Lo que había dentro me heló la sangre
Esa noche la nieve no daba tregua. La cabaña de Eliseo, un viejo terco que llevaba once años sin hablar con nadie salvo con su perro muerto, crujía como una caja de fósforos bajo el ventarrón. Él sopló los dedos y abrió la estufa de hierro. Se había quedado sin leña seca. Maldijo dos veces, se calzó las botas con forro polar y agarró la linterna del clavo junto a la puerta. Ya no salía a cortar por la noche, pero el frío le estaba comiendo los huesos.
Abrió. El aire le quemó la cara.
No era el aullido del viento lo que había escuchado. Era otra cosa, un lamento corto, como si alguien tratara de ladrar y se atragantara con su propia garganta. A dos metros del escalón, un lobo gris del tamaño de un mastín lo miraba sin pestañear.
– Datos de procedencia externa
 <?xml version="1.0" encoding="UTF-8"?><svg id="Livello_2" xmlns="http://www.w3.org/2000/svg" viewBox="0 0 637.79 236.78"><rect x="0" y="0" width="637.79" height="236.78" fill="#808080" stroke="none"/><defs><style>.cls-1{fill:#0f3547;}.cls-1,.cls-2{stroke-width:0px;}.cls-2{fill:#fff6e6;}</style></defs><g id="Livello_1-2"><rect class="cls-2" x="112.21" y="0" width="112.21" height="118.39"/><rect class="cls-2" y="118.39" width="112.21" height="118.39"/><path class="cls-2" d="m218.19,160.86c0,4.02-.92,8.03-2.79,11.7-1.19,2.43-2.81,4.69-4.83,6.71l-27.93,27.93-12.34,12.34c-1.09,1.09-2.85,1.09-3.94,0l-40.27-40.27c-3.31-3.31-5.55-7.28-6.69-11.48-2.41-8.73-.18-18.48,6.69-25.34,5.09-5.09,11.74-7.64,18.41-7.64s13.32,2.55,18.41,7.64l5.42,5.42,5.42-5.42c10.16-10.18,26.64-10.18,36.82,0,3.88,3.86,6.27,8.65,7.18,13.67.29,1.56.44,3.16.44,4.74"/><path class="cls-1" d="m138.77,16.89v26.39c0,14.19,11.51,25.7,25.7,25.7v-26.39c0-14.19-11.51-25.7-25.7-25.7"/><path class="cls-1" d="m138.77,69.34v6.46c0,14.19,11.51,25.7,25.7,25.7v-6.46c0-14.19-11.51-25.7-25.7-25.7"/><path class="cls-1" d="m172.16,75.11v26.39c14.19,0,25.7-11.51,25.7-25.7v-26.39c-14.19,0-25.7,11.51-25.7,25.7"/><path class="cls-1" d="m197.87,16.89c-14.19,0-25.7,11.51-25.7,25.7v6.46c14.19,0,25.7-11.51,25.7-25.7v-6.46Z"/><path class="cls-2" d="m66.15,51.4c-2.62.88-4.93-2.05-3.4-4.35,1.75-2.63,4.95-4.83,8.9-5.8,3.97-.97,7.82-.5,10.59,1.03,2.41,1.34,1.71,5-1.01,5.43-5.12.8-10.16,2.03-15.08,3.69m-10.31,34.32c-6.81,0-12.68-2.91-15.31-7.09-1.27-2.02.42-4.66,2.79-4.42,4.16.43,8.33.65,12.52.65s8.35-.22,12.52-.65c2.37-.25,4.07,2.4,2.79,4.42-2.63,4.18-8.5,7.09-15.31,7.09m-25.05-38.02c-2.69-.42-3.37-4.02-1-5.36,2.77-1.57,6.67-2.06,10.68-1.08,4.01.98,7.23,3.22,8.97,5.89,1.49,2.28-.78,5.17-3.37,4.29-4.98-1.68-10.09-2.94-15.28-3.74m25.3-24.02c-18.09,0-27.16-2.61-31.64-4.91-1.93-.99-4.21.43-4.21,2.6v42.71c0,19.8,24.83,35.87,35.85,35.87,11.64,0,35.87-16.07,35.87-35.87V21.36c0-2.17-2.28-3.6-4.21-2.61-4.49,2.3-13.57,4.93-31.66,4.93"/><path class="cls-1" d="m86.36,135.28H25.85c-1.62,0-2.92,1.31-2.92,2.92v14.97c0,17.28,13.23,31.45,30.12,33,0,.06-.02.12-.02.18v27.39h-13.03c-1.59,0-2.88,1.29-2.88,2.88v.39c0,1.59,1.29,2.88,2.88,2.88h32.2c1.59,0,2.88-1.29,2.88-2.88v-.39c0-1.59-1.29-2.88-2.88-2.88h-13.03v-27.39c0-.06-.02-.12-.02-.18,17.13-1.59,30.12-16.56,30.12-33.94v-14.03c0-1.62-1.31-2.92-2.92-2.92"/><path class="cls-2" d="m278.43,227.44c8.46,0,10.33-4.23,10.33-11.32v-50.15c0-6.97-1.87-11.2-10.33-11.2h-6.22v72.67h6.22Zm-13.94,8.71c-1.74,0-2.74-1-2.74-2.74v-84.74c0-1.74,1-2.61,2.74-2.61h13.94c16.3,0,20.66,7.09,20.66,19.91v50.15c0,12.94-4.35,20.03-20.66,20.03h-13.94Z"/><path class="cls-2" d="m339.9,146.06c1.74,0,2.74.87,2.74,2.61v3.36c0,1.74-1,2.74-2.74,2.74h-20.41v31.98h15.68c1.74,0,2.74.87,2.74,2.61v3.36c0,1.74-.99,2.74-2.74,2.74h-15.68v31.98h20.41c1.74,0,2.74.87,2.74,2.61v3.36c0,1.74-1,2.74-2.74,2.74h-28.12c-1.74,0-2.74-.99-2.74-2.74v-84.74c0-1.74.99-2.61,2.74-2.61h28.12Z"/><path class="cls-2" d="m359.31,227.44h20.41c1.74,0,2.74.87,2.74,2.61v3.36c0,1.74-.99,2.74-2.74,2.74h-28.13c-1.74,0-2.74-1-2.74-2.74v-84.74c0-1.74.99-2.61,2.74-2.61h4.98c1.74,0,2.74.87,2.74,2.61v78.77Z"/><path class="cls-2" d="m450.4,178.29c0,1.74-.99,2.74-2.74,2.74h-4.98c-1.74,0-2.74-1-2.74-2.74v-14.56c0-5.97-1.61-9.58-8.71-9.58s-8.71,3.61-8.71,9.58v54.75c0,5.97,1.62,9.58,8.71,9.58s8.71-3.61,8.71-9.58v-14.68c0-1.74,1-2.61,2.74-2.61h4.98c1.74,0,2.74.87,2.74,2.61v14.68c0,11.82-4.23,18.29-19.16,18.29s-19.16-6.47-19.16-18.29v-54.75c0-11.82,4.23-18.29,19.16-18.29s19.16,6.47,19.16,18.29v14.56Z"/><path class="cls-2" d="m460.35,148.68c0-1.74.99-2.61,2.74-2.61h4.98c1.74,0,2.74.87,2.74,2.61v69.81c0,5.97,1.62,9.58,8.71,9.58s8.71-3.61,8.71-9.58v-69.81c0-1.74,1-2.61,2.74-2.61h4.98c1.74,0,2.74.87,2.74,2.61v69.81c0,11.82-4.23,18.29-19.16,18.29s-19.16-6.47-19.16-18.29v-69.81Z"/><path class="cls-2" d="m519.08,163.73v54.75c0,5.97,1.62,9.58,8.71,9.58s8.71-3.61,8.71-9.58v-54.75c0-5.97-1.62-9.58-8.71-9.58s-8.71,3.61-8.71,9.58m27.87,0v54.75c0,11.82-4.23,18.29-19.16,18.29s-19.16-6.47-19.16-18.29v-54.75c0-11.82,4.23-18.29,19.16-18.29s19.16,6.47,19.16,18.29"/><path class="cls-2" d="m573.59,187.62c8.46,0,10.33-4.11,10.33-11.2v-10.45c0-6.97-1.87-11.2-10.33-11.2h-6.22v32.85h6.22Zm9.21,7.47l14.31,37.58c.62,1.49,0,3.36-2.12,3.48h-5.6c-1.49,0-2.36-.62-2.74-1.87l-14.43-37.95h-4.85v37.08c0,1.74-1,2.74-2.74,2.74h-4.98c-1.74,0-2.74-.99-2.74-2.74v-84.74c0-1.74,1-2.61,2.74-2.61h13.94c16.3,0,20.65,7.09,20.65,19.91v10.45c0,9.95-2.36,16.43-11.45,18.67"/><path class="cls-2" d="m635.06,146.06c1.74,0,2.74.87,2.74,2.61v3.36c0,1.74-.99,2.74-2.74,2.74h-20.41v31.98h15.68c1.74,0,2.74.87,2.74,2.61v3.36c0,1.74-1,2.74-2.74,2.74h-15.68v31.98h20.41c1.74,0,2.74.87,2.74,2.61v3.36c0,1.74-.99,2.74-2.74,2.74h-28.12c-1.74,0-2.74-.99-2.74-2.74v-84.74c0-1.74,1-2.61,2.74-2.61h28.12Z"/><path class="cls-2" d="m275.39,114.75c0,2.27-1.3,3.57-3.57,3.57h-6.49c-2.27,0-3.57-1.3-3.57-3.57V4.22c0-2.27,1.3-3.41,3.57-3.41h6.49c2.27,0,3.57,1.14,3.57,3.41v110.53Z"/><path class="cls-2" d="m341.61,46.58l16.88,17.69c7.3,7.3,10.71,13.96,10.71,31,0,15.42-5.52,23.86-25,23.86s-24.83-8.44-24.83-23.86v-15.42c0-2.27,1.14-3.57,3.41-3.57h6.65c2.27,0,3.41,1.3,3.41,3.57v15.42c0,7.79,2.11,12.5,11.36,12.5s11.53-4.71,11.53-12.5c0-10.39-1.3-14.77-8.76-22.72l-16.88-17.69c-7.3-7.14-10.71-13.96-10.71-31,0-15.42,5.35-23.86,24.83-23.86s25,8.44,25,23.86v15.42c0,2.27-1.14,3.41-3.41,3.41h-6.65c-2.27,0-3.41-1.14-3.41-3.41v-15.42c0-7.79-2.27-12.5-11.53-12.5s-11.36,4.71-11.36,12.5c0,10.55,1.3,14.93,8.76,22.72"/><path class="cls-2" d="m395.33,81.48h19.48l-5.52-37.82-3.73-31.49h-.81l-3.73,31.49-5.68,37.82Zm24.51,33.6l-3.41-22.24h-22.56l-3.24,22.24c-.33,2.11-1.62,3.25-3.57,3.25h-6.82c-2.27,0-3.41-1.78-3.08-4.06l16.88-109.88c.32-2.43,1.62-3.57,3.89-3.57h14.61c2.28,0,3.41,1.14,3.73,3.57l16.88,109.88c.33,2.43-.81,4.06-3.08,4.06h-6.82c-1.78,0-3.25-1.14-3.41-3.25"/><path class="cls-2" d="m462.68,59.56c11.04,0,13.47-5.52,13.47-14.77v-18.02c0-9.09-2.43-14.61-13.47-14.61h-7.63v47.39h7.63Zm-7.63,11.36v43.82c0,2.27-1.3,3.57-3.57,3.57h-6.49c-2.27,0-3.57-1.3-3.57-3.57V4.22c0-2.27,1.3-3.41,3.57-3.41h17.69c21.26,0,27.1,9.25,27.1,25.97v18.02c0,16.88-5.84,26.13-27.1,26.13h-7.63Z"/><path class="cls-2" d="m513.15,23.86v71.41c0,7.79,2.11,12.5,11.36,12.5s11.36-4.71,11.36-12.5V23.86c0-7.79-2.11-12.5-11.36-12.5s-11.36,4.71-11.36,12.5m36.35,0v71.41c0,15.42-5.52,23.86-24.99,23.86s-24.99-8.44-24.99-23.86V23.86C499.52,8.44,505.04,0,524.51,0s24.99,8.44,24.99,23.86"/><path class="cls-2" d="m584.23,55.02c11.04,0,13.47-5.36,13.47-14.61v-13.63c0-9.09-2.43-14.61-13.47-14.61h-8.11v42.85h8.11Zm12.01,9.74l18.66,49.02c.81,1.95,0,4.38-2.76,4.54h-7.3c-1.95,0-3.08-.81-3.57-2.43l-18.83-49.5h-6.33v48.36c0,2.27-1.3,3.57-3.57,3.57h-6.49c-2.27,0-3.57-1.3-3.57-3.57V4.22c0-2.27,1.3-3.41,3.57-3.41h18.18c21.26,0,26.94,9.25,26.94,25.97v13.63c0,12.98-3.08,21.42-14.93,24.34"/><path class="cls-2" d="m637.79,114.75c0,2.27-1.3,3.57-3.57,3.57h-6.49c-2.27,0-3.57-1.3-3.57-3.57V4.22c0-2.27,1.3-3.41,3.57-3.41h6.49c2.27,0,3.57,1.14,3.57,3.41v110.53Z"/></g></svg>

Tenía el pelaje blanco de escarcha y entre las fauces sostenía una canasta de mimbre envuelta en una manta tejida a mano.
Eliseo levantó la linterna. El lobo no gruñó. Dio un paso adelante, despacio, y posó la canasta en la nieve apelmazada, justo donde el alero dejaba un islote de tierra seca. Luego retrocedió y se quedó inmóvil, con los ojos clavados en el hombre como si esperara una firma.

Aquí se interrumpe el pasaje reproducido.